But in his first speech as monarch, King Charles III acknowledged his new role means it will “no longer be possible for me to give so much of my time and energies to the charities and issues for which I care so deeply”. It was a line that signalled not only his new role within the Royal Family but also an awareness of his constitutional duties as its head.
What did the papers say?
Charles “set the precedent” for his many years of environmental campaigning back in 1969, said Town & Country magazine, when the young Prince of Wales wrote to the then prime minister, Harold Wilson, about the decline of salmon stocks in Scottish rivers. “People are notoriously short-sighted when it comes to questions of wildlife,” he wrote.
The following year he made a speech warning of the dangers of pollution, telling the Countryside in 1970 conference that action must be taken against the “horrifying effects of pollution in all its cancerous forms”.
He would later reflect that it was a speech for which he was branded “rather dotty”, as he said in an interview for his Sustainable Markets Initiative in 2020. The project, which aimed to encourage the private sector to accelerate its efforts to build a sustainable future, was just one of many environmental projects Charles undertook as Prince of Wales.
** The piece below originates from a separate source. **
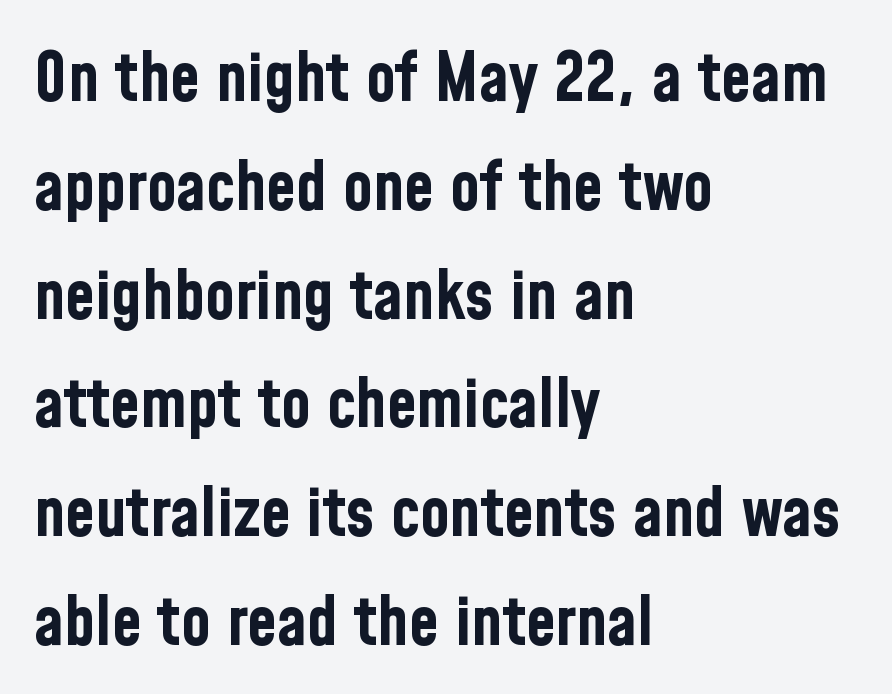
Every stem runs plumb, perpendicular to the baseline. The type family on display is of the sans-serif kind. Quick note: underline off. Here the designer chose a conventional face with non-uniform glyph widths. Horizontal alignment here is leftward, the default for most running prose. Compared with an ordinary text face, these strokes are far heavier — a full bold.

It was for his environmental credentials that he was “deployed as a not-so-secret weapon” at the Cop26 climate summit in 2021. It was hoped that his “personal relationship” with India’s prime minister, Narendra Modi, would “help persuade one of the world’s largest polluters to agree to the phasing out of coal”, said Sky News.
Ultimately, the Glasgow summit urged countries to “phase down” coal use rather than phase out unabated coal use, a result that was “far from perfect, but better than nothing, and partly thanks to Charles”, the broadcaster added.
What next?
When Charles assumed the throne, many commentators speculated that he could be the nation’s “first ‘climate king’”, said The Washington Post.
But Charles’s views on the environment are “complex”, said the paper. It described him as “both a classic environmentalist who loves nature, trees and wild animals” but also “a traditionalist who has battled against wind energy on his estate, flown around the world in a private jet and once critiqued the growth of population in the developing world”.
He represents “some of the paradoxes of a world coming to grips with climate change”, said the paper. He is a man with “extreme wealth and a significant carbon footprint speaking out against global warming” and “a political figurehead with very little real political clout”.
But as King, Charles is now subject to different rules, with the monarch “obliged to remain politically neutral”, said the BBC. But many of his friends and advisers believe he “will not cool on the issue of global warming”, said the broadcaster. It remains to be seen whether he will continue to be “so outspoken on this or any other issue”, it said.
So far it seems the King is clear on his constitutional duties. When asked in an interview in 2018 whether he would be a “meddling” king, he replied: “I am not that stupid.”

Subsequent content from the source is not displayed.